The same can be said for a significant other who spends more time doing something else. This can make you feel neglected and unwanted, causing you to build a wall around your heart. It can also make it hard for you to trust and open up to someone else in the future.

The same can be said for friends who pull away from you. It can make you feel like you are not important to them and that you don’t belong. This can lead to feelings of loneliness and a fear of getting close to anyone else.

7. You Don't Love Yourself

If you have a wall around your heart, it may exist because you don't love yourself, and therefore can't accept love from others. To truly accept love, friendship, kindness, and acceptance from other people, you have to feel those things about yourself. If you don't, your walls may be there because you don't feel you're worthy of love or friendship.

Having a wall around your heart makes you feel protected, like nothing can hurt you. Pain can't get near you. The problem is that love and kindness can't get near you either. You have to think long and hard about why you've built up these emotional walls, and decide if they're doing more harm than good. Have you ever tried to knock down those walls? What do you have them?

Feedback Junction

Where Thoughts and Opinions Converge

These happened to me all of them!

After so much pain sometimes I just can't help but lock away my heart. It's tiring to try and heal a heart broken so many times, I'm just tired.

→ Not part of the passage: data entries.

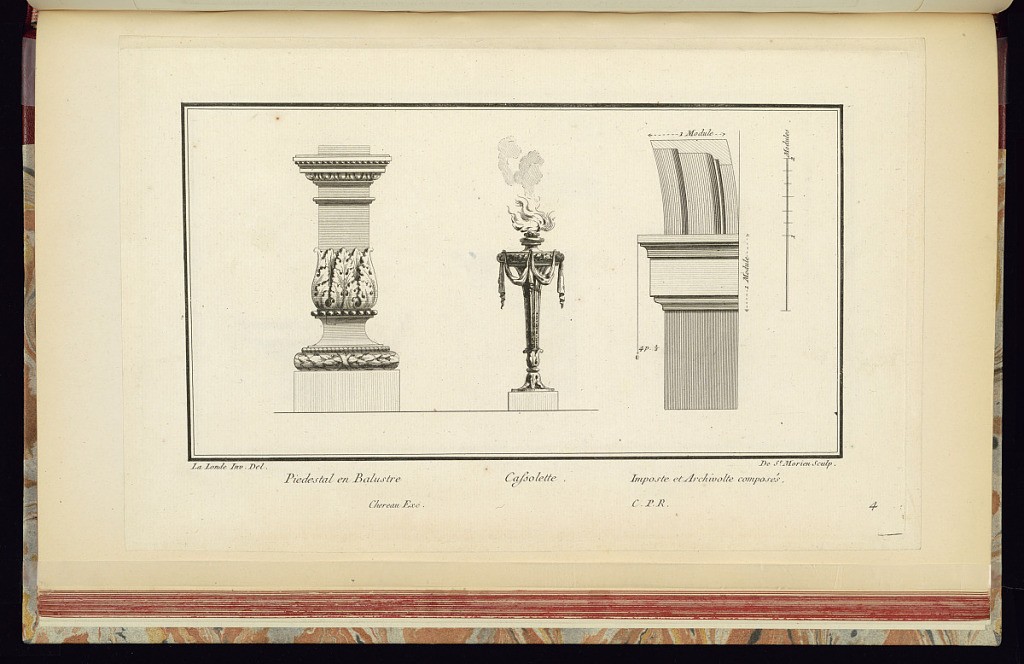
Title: Piedestal en Balustre. Cassolette. Imposte et Archivolte composés.
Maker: Richard de Lalonde, French, active 1780–96
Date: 1775-1788
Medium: Etching on off-white laid paper
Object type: Print
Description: From left to right, designs for a pedestal in the shape of a baluster, and with bands of bead, egg and dart, acanthus, and bound leaf ornamentation; a cassolette for burning perfume or incense, with a thin, fluted shaft, drapery, and a foot of stylized acanthus leaves; and an impost and archivolt of a composite order with a scale bar of "2 Modules." The plate is signed and numbered.

Krista , I can relate ! But in the end it just makes you stronger and stronger even thou may not realize it . I recently just got betrayed by somebody I thought who would've never ever hurt me the way he did and now I analyzing the whole relationship I should've walked away a long time ago !

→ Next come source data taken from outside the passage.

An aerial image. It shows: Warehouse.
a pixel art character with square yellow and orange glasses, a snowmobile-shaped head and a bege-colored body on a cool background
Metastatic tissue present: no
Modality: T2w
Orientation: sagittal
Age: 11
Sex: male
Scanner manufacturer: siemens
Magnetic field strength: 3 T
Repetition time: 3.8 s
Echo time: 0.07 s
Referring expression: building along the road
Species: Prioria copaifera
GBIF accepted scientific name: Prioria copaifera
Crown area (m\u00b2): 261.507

True i started to become very sad and i turn on mudic really loud and lock myself in my room. I had my heart broken by some one i loved and i dont really love myself.

Especially when you've gone through a series of emotional blows, you begin to wonder if this is how life is (i hope not!). It's not easy to open yourself up when you have been hurt and have lost.

#1,4,& 5 soo true

These are all very true, any chance you could write about tips to help break through someone's guarded heart?

I know for me my parents divorce was one factor.